On the face of it, the two 16-year-olds appear caught up in banalities — school, extra tuitions, exams, mobile phones, marathon television watching. But look closer, there are glimmers of the extraordinary in the mundane: Rubina’s highlight a couple of years ago was a telephone conversation with Freida Pinto, her favourite fashion icon.
“Freida was in Mumbai and wanted to catch up. We couldn’t coordinate timings so we had a long chat on the phone,” Rubina says. Both kids also have an annual or biennial meeting with Boyle, treasured as much for the trips to the JW Marriott or the Taj Land’s End as for their director’s disbelief at how tall they’ve become.
The teenagers are quick to admit that this life, even the unremarkable everyday bits, is one they would have not anticipated before 2009. They began formal schooling only after Slumdog, the Jai Ho trustees coaxing a Bandra school to admit them to Class I despite their age. Azhar has made it to Class VII. Rubina, following her move to Nallasopara, is studying to take her Std X board exams privately. Her mother Khushi, astonishingly already a grandmother at 36, works as a stewardess with a caterer. It is a job that provides adequately only during the wedding and party seasons. “Still, I’ve ensured there is a maid at home, just so that household chores don’t burden her amid her Class X preparations,” Khushi says.
The Jai Ho Trust sponsors their education and any extra-curricular activities they may want to pick up including ballet lessons for Rubina and cricket coaching for Azhar. “I’m thinking about martial arts classes,” Azhar says. He got a couple of minor modeling offers soon after the movie released, and he thinks he should start working out soon.
“It seems that was another life, we had no proper roof, there would be waist-deep water in the monsoon, the municipality would demolish people’s houses often,” he recollects. Shameem, who’s in Mumbai “only for Azhar” with her three older children married and settled in their hometown of Jalna in Marathwada, Maharashtra, remembers going hungry on nights when there wasn’t enough money to buy a vadapav for the children.
Rubina is, by turn, coquettish and almost too adult. “I try not to think about the past,” she says seriously. “I don’t want to let it impact how I think about my future.” She’s in a hurry to grow up, find work, her career options swinging from actor to fashion designer to teacher in an NGO-run school and then back to actor. Because money is important, “not more important than fame and izzat”, but important enough. “I’d like us to have a house in one of the new apartment colonies in Vasai, they have everything inside their gates, that’s nice.”
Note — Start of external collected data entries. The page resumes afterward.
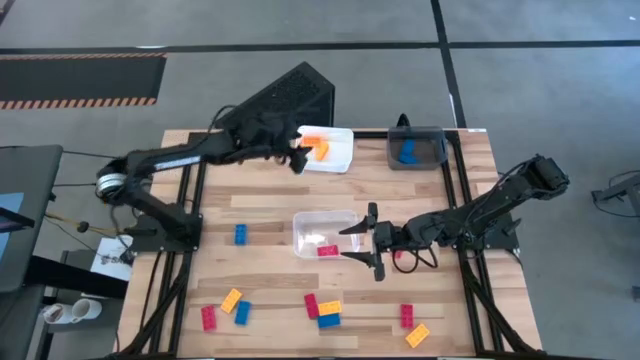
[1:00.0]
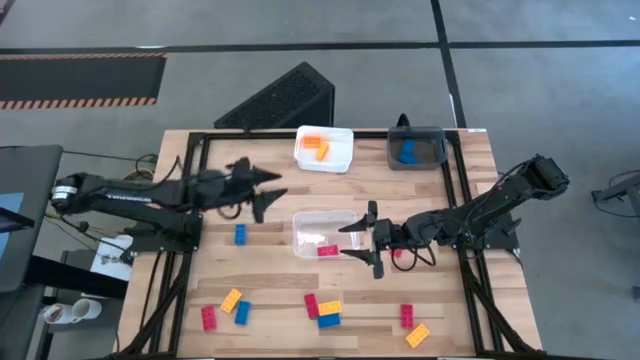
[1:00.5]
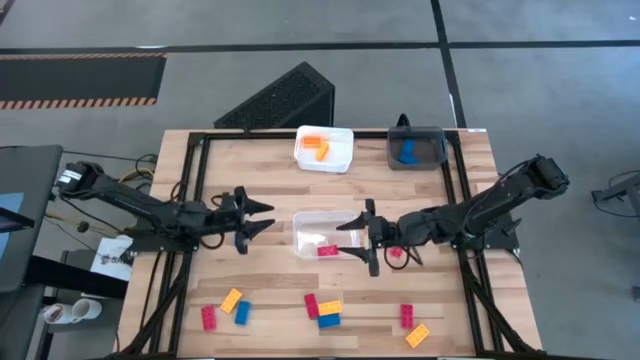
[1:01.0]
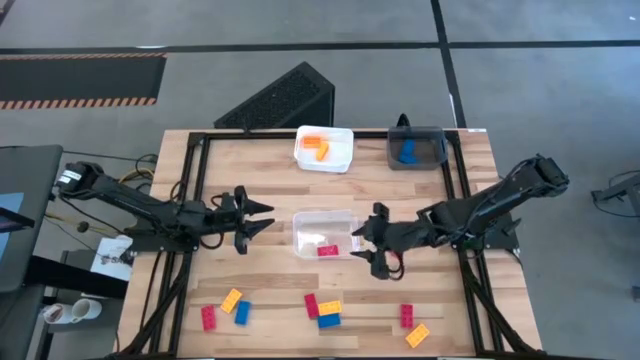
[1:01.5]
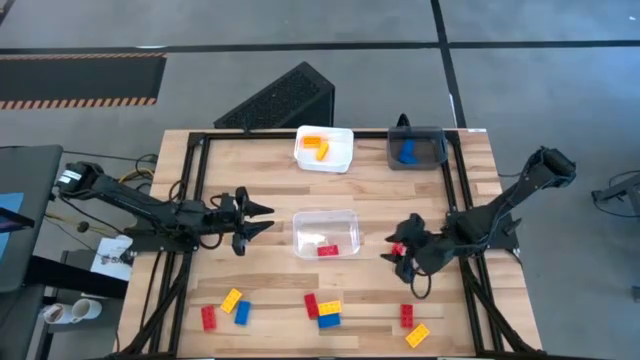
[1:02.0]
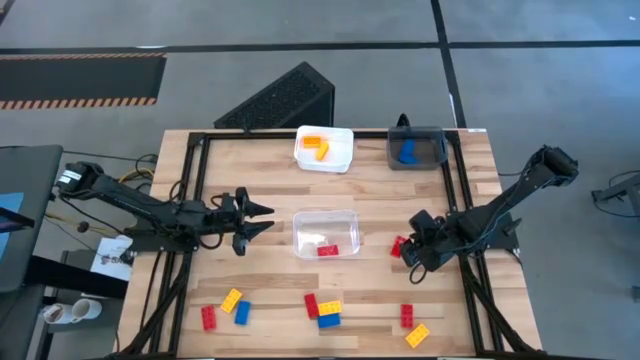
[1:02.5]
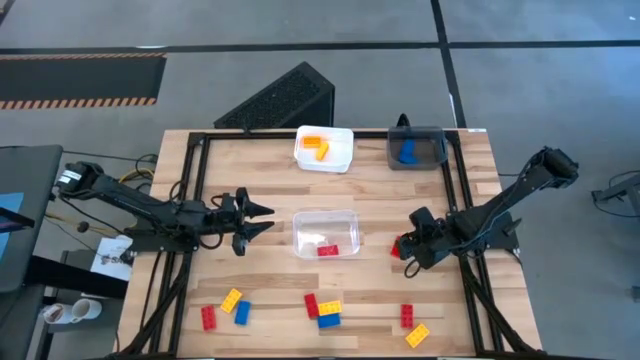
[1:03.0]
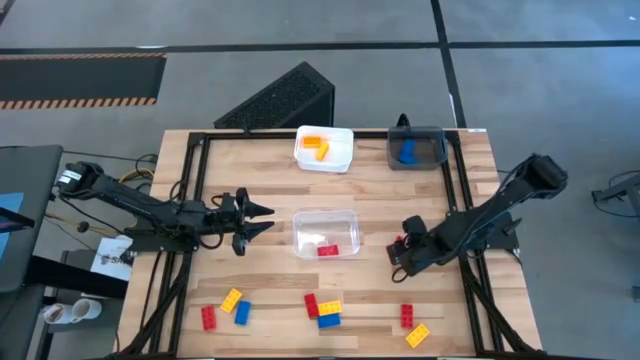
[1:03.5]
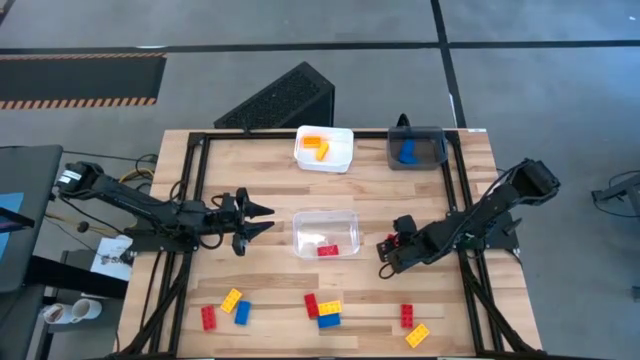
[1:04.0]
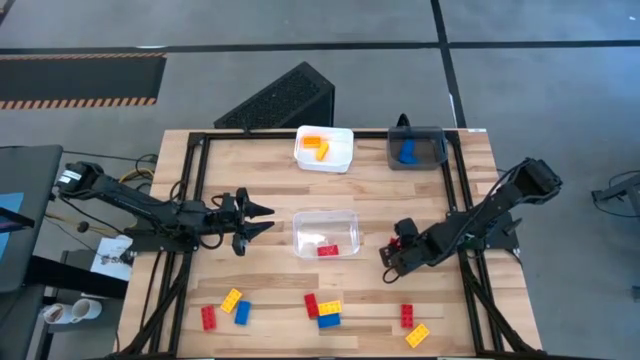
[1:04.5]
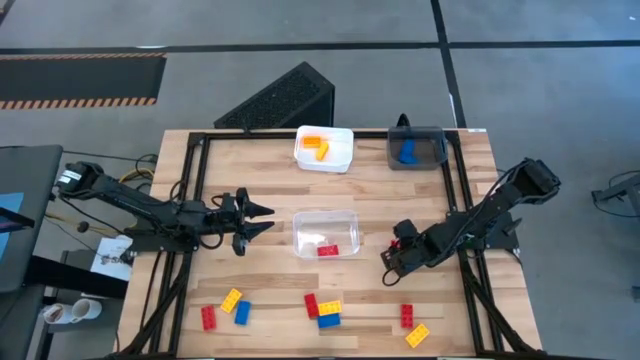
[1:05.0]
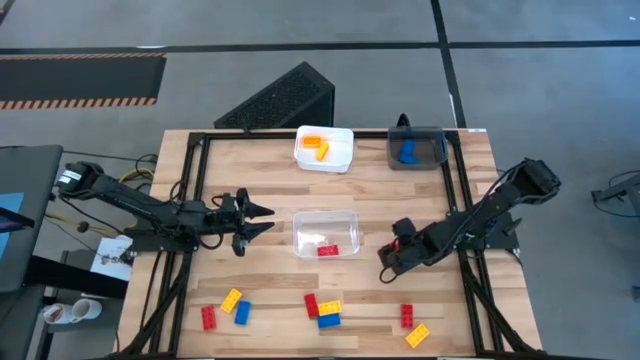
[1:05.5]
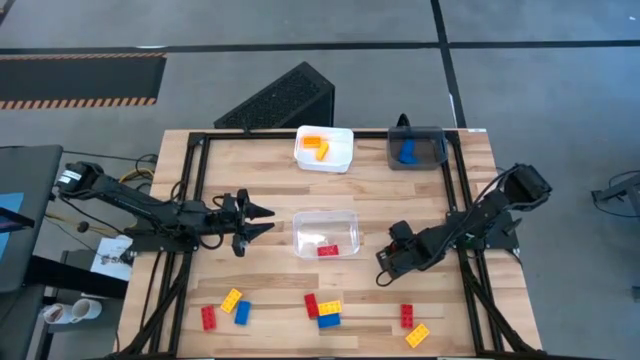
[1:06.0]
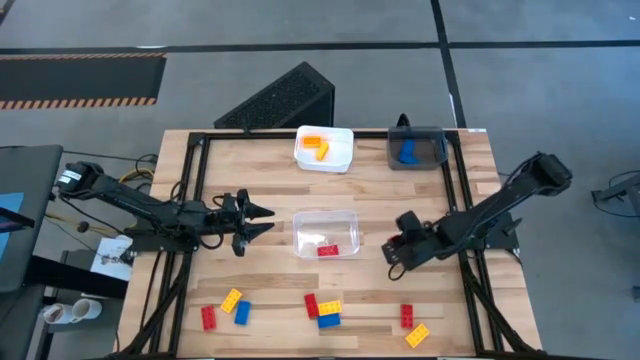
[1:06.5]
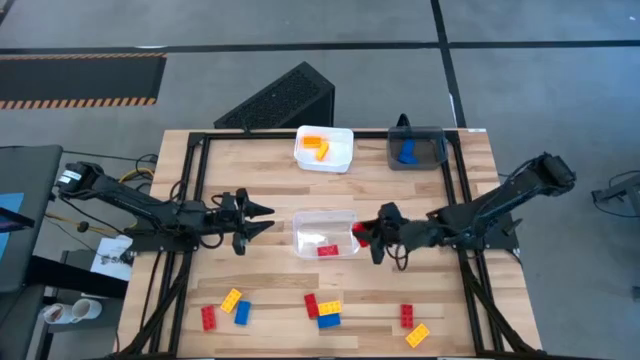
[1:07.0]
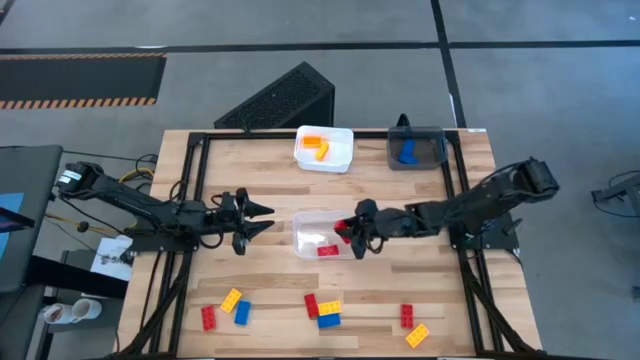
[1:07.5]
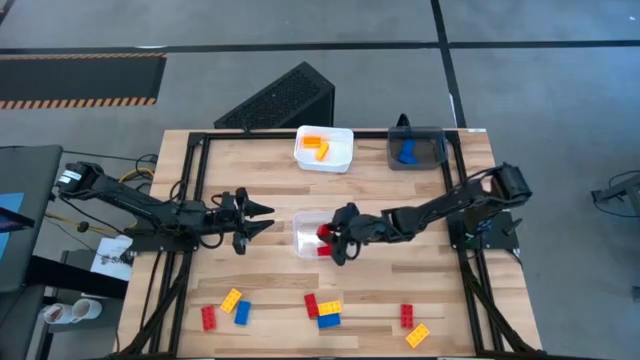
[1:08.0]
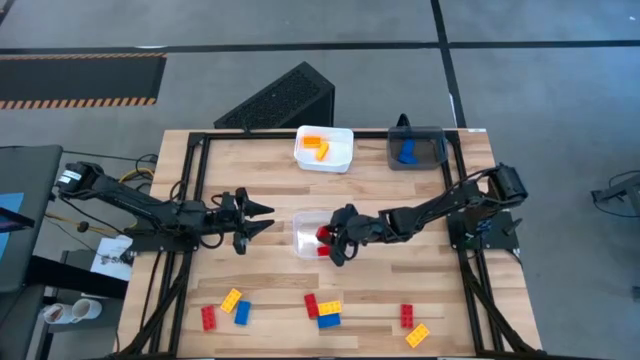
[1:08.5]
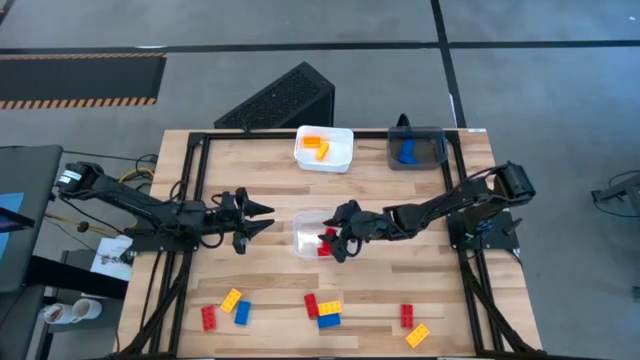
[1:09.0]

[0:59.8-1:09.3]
Task: Sort & place blocks by color
Put the red game piece into the transparent bin

For a 16-year-old, Rubina has finely nuanced views on her community. “Some Muslims think girls who wear jeans are bad, and anybody in a burqa, whatever she does for a living, must be good.” But she is also a five-times-a-day namazi, and even observed a special namaz for Salman Khan on the day of his verdict in the Bombay High Court.
The passage of time has not dulled their memories of the Slumdog shoots. Azhar remembers the sequence where a child’s eyes are shown as gouged out before he’s turned into a beggar, Rubina the one in which she’s at the window of a car at a red light, asking for Rs 5. “We’d seen that kind of life closely, it was almost real for us,” she says.
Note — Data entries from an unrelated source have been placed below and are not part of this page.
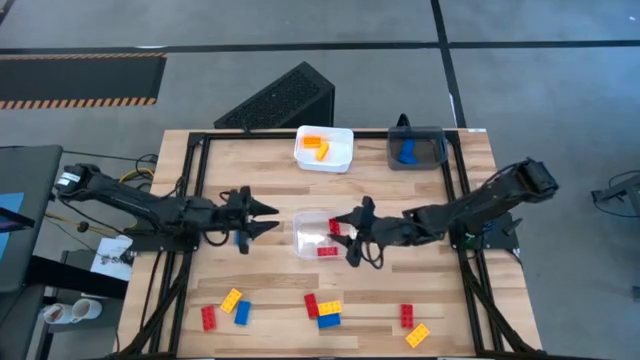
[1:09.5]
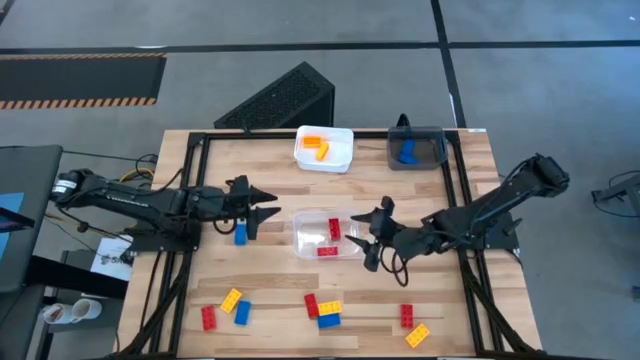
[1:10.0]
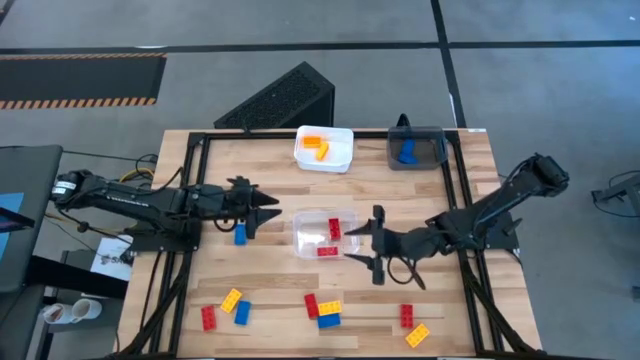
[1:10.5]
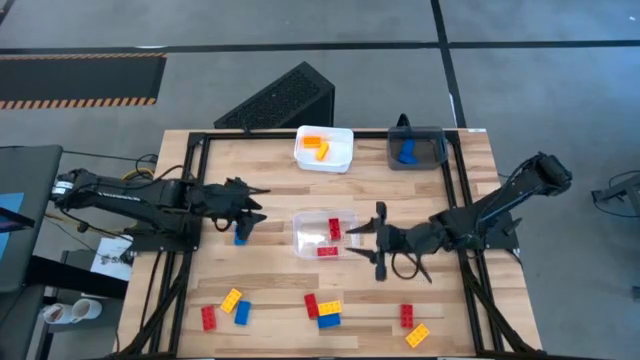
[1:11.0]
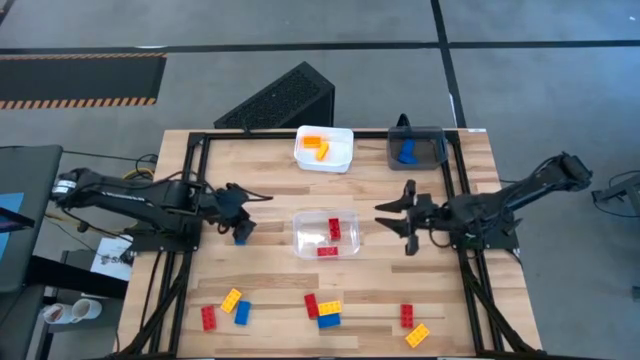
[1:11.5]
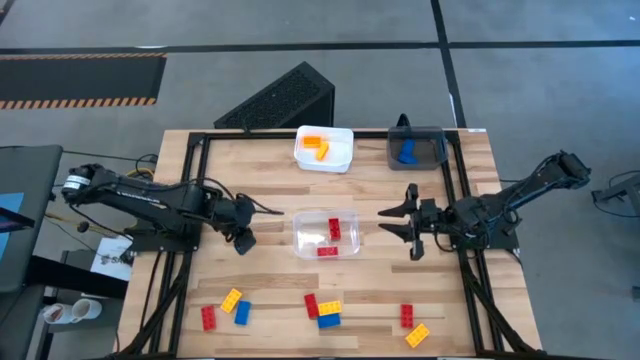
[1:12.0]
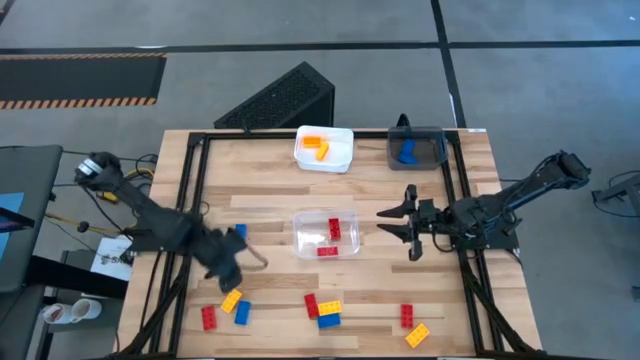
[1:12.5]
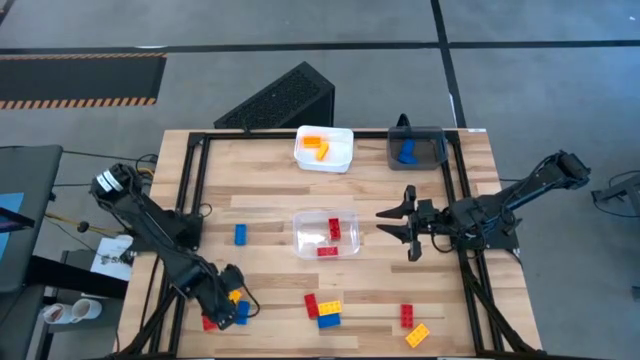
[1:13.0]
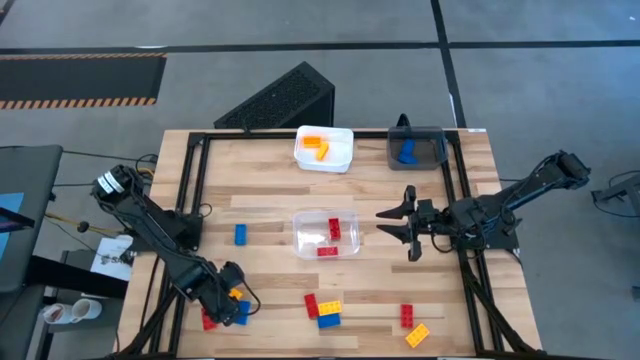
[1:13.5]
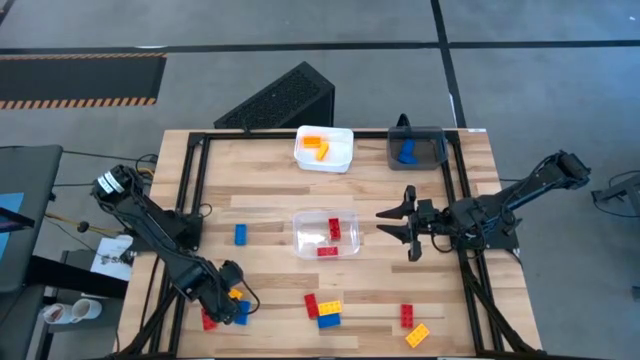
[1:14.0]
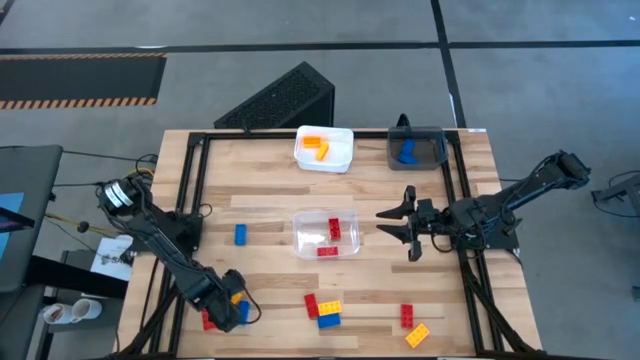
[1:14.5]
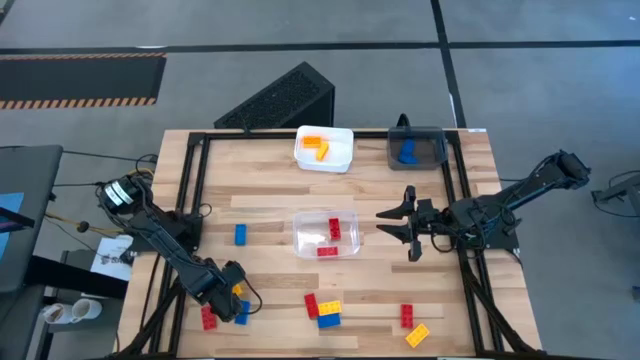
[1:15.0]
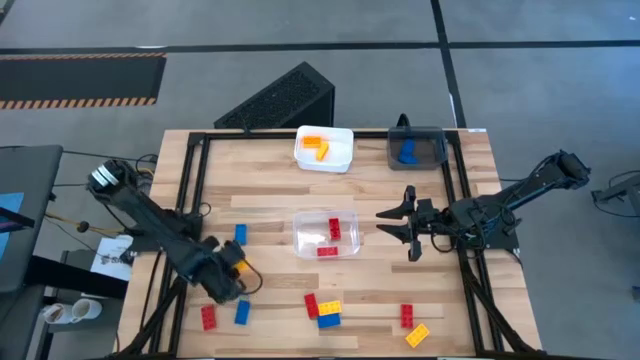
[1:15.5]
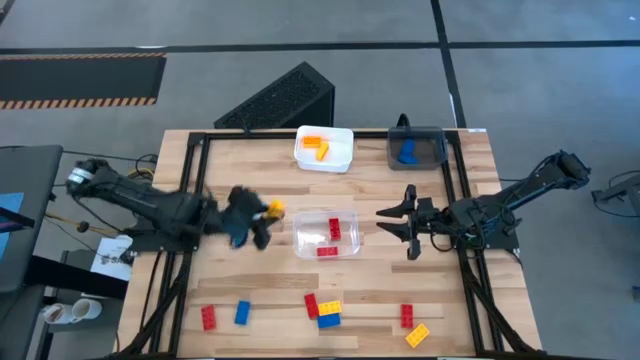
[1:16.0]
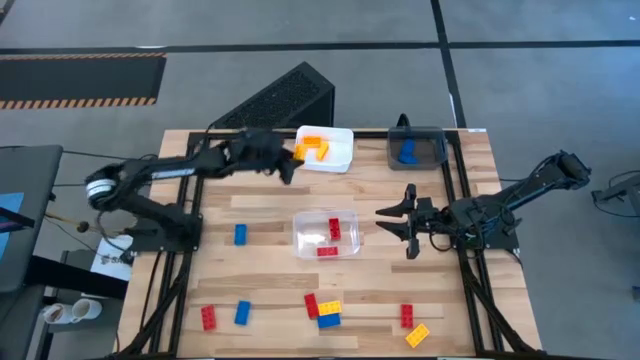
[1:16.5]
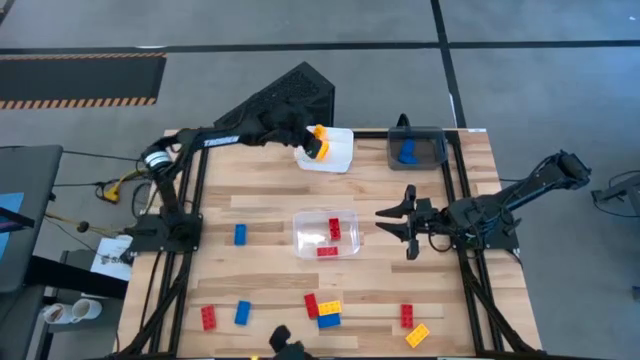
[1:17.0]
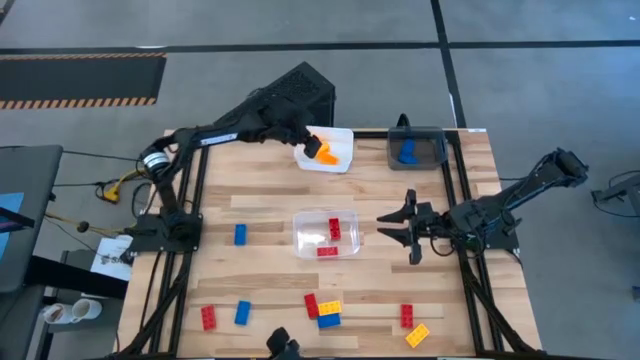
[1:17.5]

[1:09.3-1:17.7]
Put the yellow game piece into the white bin

So both teenagers know they’ve come a long way in the past seven years, but also know they’re at the edge of a socio-cultural milieu that’s still unfamiliar. Rubina says she may wear “hi-fi” clothes but not where she lives right now. Azhar idolises Salman Khan too, but is shy talking about the actor’s string of girlfriends, himself insisting he’ll be happy to let his mother pick his bride. Rubina and Azhar are also keen to pick up better English skills, both obsess over dressing sharply, over fitting in amid new friends. Rubina also wants to fall in love some day, “one love for all my life”, for a fairy tale with a perfect ending.